TASK:
Return every line of the listing that includes the string "style".

RECORDS TO USE:

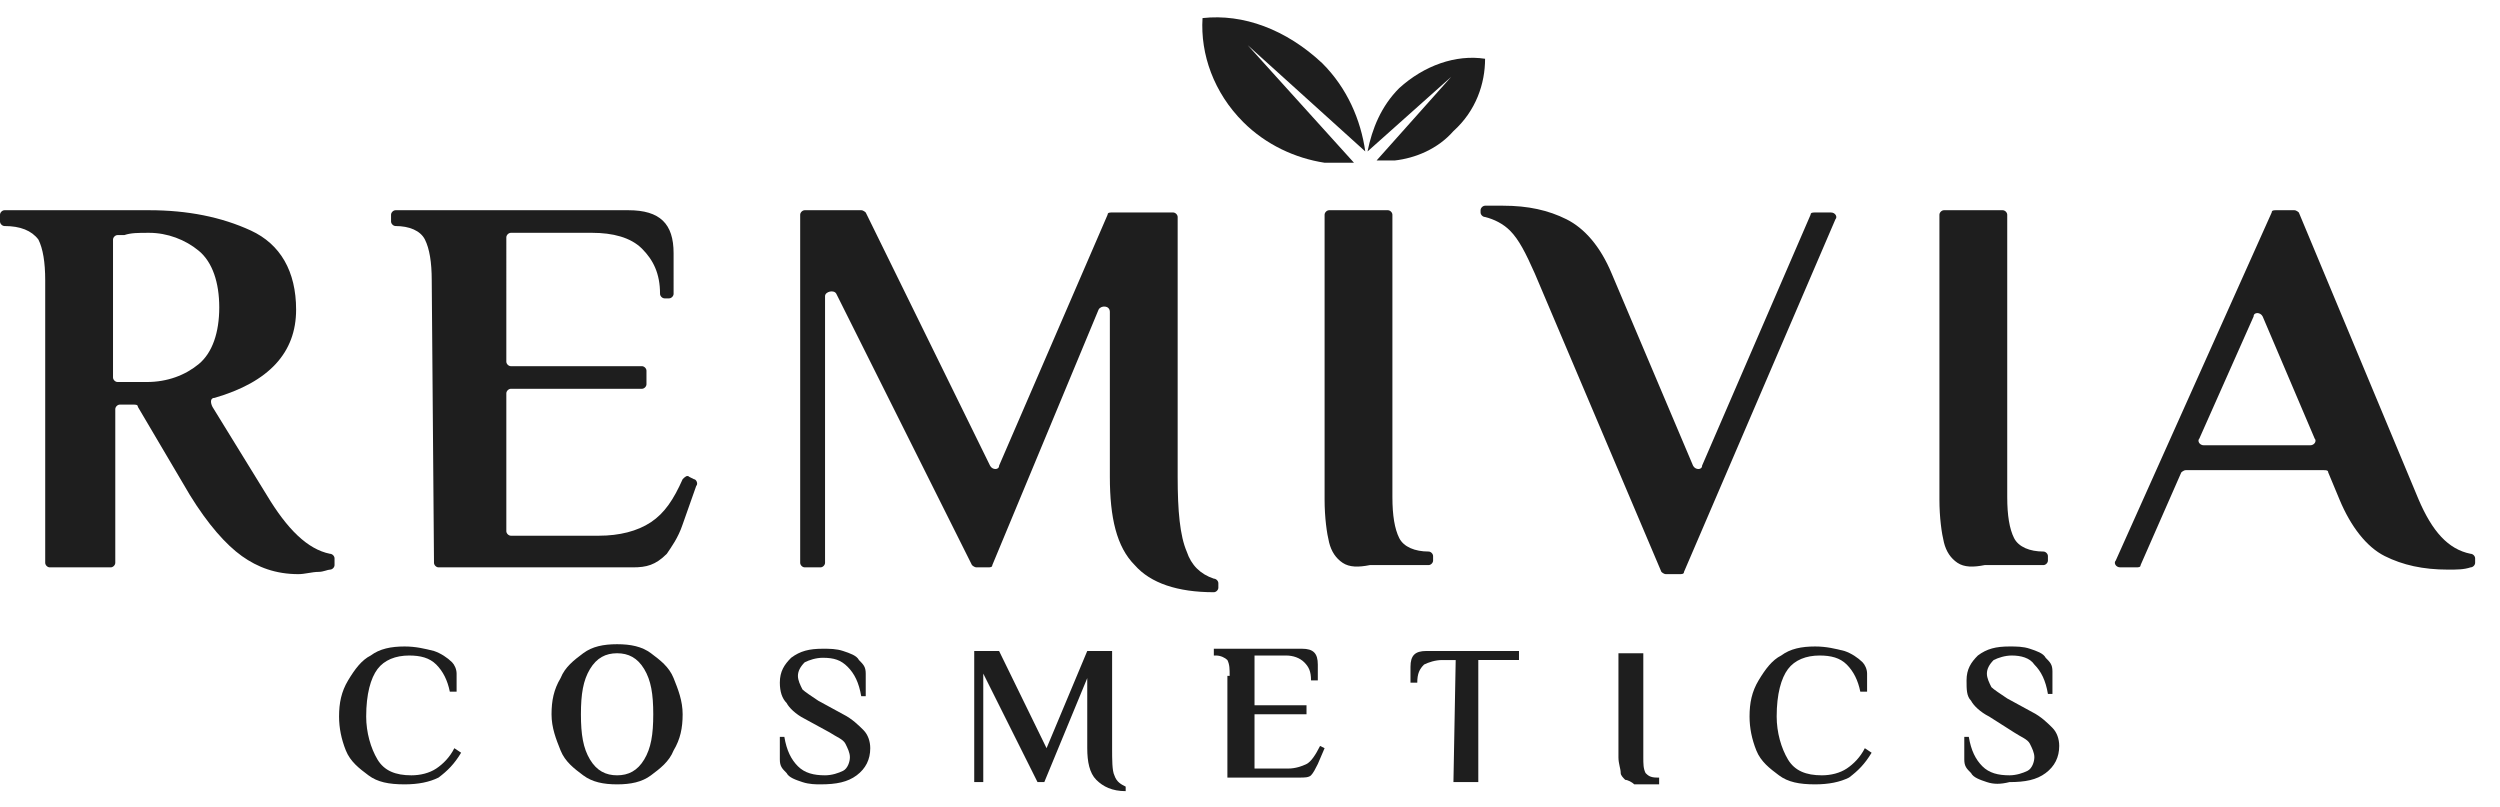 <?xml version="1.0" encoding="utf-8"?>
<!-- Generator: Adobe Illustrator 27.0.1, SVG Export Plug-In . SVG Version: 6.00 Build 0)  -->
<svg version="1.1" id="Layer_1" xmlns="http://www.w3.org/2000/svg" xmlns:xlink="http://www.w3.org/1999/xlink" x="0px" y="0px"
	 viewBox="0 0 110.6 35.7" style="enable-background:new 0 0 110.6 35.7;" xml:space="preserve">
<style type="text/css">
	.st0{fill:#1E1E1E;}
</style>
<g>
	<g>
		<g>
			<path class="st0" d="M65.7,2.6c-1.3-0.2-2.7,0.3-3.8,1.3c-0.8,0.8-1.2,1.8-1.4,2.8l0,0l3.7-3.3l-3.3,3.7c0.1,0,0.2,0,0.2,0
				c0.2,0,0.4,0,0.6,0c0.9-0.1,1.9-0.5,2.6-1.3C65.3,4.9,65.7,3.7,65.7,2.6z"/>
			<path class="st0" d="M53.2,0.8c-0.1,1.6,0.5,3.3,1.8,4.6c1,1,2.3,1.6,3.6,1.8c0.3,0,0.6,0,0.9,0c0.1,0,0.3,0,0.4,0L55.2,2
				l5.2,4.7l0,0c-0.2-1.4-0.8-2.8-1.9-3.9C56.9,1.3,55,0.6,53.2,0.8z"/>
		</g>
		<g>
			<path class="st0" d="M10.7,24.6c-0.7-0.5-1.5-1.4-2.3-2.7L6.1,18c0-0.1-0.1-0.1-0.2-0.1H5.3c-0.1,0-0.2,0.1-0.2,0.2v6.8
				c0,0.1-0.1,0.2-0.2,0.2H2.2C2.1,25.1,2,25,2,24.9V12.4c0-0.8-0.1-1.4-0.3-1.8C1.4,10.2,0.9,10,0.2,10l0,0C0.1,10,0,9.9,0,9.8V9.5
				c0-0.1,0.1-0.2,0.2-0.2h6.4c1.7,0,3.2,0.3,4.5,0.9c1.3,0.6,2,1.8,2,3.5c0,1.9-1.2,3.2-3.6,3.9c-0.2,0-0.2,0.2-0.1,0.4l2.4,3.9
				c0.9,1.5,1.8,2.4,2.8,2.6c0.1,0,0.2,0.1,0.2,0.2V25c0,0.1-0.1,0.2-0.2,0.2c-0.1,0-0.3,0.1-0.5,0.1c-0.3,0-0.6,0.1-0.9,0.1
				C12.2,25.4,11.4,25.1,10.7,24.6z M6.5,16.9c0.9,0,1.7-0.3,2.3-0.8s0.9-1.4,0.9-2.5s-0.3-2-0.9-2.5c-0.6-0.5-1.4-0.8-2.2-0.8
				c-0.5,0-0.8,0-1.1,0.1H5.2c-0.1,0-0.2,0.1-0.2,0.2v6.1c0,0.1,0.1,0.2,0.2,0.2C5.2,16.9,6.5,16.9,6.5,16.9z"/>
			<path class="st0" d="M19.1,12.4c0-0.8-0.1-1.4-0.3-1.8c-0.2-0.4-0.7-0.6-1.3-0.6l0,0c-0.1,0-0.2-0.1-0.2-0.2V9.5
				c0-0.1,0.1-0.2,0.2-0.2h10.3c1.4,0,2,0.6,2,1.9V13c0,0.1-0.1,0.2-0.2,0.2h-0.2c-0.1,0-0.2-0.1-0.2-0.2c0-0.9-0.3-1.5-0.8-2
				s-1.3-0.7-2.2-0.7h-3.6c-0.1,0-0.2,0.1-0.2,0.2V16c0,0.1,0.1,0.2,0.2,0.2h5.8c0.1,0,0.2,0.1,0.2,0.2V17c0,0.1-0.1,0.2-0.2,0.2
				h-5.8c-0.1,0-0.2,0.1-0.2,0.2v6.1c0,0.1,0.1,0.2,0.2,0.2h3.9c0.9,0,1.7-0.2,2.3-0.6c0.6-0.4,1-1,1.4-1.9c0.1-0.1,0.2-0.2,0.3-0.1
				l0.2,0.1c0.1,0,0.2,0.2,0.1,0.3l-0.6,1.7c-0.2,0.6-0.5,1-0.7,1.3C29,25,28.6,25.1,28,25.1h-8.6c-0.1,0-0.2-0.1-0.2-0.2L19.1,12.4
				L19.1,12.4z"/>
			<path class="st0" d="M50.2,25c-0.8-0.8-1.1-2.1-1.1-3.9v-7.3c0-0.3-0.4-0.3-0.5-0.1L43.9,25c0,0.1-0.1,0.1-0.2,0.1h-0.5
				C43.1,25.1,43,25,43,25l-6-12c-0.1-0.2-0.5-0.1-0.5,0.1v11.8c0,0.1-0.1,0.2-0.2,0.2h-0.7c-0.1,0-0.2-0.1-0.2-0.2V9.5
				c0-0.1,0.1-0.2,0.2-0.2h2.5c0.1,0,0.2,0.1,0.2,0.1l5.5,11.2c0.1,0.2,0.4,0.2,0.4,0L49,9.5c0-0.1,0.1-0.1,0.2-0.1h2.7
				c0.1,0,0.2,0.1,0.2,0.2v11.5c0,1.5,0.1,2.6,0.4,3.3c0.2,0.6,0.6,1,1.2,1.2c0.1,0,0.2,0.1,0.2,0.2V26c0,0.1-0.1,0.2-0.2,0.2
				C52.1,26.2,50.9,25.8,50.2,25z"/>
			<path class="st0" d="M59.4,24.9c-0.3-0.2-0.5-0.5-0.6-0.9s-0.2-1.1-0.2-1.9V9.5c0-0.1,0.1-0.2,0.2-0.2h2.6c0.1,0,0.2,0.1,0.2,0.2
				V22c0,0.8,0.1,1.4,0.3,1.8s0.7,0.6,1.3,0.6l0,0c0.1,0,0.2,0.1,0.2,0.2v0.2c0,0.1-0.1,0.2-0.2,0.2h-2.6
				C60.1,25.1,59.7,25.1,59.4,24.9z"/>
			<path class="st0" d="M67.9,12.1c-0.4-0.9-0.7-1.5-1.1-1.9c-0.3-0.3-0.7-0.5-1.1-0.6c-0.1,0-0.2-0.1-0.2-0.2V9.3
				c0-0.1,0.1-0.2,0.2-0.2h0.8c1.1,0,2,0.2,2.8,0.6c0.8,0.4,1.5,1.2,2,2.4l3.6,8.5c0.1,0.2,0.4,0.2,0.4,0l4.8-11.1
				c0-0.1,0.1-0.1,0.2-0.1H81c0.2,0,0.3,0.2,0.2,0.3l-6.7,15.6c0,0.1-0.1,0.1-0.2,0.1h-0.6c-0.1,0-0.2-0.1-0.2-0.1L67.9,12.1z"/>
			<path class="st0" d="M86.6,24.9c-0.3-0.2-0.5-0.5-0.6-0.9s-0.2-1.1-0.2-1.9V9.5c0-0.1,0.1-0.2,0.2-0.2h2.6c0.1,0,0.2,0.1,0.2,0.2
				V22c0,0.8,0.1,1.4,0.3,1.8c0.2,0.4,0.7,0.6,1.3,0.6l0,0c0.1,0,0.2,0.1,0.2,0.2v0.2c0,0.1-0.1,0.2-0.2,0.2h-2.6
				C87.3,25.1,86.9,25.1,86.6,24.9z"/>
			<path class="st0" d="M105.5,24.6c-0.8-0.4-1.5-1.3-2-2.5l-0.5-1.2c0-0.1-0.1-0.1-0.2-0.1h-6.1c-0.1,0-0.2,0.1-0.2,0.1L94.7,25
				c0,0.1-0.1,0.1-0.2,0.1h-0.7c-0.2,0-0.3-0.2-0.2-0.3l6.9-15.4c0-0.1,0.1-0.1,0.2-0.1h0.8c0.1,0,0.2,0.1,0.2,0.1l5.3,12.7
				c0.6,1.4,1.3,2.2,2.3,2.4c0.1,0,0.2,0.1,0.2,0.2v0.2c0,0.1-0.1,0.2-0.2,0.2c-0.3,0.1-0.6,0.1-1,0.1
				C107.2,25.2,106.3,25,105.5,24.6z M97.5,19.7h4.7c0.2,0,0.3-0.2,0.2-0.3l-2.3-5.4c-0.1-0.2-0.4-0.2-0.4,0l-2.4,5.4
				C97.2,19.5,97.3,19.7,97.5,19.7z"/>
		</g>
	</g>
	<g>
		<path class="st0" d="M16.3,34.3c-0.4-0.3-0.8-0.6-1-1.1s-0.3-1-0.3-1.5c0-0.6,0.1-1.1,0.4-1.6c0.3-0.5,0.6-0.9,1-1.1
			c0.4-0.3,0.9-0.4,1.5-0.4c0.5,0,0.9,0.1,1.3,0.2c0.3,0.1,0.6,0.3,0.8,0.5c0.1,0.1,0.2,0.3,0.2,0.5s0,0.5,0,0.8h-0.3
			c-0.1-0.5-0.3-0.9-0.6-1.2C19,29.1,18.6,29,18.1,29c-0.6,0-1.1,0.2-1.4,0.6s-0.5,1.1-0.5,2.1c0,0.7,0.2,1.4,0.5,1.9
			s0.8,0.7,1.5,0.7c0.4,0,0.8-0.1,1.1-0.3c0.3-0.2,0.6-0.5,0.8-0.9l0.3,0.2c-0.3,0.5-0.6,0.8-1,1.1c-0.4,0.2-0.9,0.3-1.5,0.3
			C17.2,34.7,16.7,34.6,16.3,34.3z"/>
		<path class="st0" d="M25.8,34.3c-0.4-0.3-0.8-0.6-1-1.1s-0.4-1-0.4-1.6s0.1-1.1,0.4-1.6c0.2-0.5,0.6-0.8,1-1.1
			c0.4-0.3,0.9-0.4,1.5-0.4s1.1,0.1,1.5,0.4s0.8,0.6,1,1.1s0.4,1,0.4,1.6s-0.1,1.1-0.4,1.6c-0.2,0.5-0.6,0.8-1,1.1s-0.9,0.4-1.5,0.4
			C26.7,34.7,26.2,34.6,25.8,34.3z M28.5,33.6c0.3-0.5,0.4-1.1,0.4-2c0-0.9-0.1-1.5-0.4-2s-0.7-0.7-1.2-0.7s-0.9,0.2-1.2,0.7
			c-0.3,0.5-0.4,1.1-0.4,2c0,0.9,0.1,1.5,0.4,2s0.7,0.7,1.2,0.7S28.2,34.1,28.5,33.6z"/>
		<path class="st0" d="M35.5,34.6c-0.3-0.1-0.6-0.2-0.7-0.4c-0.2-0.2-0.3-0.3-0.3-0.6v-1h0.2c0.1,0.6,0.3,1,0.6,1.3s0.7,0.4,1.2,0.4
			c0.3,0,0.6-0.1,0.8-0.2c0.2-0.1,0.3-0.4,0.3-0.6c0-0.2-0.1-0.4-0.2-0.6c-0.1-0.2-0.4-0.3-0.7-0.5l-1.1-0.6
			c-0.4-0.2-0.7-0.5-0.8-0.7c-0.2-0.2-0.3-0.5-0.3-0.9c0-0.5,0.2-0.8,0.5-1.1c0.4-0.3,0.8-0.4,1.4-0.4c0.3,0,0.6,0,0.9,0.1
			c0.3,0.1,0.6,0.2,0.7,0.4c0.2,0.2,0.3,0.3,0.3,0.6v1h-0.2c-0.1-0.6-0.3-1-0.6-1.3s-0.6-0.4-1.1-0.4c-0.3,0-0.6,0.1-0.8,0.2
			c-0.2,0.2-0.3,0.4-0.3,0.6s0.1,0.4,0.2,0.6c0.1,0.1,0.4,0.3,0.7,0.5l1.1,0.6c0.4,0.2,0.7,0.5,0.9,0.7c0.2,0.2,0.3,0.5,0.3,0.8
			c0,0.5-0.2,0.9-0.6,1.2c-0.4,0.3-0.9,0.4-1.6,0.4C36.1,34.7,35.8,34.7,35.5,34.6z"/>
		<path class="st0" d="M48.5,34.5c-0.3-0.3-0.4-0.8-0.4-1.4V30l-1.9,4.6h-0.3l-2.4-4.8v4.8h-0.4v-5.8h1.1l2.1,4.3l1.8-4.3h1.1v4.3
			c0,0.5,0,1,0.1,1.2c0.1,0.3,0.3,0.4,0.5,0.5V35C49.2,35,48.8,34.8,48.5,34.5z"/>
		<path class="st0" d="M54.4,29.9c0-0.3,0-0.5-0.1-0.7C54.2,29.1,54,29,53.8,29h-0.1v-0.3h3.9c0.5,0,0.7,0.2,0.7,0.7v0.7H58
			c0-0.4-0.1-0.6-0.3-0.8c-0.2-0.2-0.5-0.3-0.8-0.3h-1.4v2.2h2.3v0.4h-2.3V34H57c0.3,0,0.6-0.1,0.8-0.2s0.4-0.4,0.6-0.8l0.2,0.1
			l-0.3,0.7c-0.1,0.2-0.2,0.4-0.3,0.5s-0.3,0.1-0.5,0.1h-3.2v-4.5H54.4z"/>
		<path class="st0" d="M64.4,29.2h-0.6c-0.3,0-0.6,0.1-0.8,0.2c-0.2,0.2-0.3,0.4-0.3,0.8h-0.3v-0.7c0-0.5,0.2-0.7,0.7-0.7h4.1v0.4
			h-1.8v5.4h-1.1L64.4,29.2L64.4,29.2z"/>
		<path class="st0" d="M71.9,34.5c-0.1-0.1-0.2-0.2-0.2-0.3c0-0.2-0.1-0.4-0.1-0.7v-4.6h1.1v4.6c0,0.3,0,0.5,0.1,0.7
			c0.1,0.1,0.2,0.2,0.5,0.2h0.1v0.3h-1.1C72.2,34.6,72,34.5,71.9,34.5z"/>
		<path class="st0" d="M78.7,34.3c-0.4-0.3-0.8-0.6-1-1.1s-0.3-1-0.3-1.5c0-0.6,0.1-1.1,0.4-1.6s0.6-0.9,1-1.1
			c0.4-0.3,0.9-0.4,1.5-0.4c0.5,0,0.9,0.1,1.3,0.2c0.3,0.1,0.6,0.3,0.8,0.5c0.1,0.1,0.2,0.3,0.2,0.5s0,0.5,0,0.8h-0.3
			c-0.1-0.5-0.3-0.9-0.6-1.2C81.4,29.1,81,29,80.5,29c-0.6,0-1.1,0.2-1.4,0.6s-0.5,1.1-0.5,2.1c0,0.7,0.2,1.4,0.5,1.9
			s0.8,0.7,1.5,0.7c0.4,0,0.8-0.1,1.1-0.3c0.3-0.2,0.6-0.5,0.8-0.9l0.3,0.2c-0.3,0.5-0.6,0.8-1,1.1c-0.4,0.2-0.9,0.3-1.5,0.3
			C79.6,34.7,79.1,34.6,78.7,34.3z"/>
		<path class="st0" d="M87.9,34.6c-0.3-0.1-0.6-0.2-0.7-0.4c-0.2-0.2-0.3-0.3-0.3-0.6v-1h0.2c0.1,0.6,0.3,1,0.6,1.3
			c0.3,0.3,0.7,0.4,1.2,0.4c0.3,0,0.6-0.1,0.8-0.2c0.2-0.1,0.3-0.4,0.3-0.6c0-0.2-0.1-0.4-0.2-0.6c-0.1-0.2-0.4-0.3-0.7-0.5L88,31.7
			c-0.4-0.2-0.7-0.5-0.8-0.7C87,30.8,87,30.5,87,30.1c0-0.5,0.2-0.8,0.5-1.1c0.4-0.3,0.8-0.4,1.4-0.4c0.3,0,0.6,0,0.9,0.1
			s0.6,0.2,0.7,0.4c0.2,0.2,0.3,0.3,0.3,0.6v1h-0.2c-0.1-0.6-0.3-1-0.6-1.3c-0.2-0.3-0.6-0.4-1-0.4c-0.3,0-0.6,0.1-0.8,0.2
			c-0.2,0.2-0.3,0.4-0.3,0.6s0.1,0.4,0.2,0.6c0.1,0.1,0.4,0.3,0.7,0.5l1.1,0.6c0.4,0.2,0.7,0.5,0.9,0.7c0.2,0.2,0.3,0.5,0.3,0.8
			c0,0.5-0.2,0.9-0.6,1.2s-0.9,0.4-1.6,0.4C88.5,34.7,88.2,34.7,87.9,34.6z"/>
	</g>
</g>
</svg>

SOLUTION TO THIS EXERCISE:
	 viewBox="0 0 110.6 35.7" style="enable-background:new 0 0 110.6 35.7;" xml:space="preserve">
<style type="text/css">
</style>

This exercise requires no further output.